WHAT THE TASK REQUIRES: Would you please restate the data exactly as it stands, apart from the pictures?

INPUT FOR THIS TASK:
—————

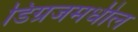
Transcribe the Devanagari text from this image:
डिग्रजमधील
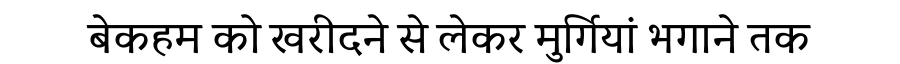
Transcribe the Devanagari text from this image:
बेकहम को खरीदने से लेकर मुर्गियां भगाने तक
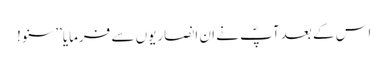
اس کے بعد آپؐ نے ان انصاریوں سے فرمایا’’سنو!
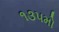
૧૩૫મો
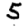
Digit: 5
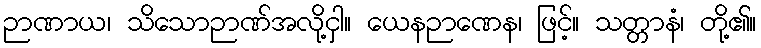
ဉာဏာယ၊ သိသောဉာဏ်အလို့ငှါ။ ယေနဉာဏေန၊ ဖြင့်။ သတ္တာနံ၊ တို့၏။
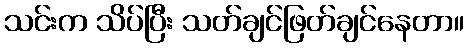
သင်းက သိပ်ပြီး သတ်ချင်ဖြတ်ချင်နေတာ။
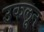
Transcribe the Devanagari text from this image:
उकलून
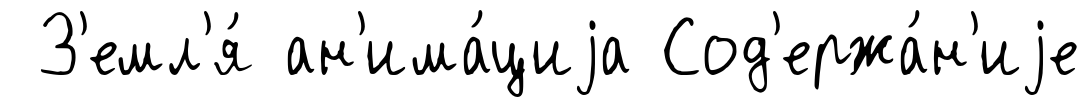
З'емл'я́ ан'има́циjа Сод'ержа́н'иjе
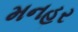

—————

TASK RESULT:
Transcribe the Devanagari text from this image:
डिग्रजमधील
Transcribe the Devanagari text from this image:
बेकहम को खरीदने से लेकर मुर्गियां भगाने तक
اس کے بعد آپؐ نے ان انصاریوں سے فرمایا’’سنو!
૧૩૫મો
Digit: 5
ဉာဏာယ၊ သိသောဉာဏ်အလို့ငှါ။ ယေနဉာဏေန၊ ဖြင့်။ သတ္တာနံ၊ တို့၏။
သင်းက သိပ်ပြီး သတ်ချင်ဖြတ်ချင်နေတာ။
Transcribe the Devanagari text from this image:
उकलून
З'емл'я́ ан'има́циjа Сод'ержа́н'иjе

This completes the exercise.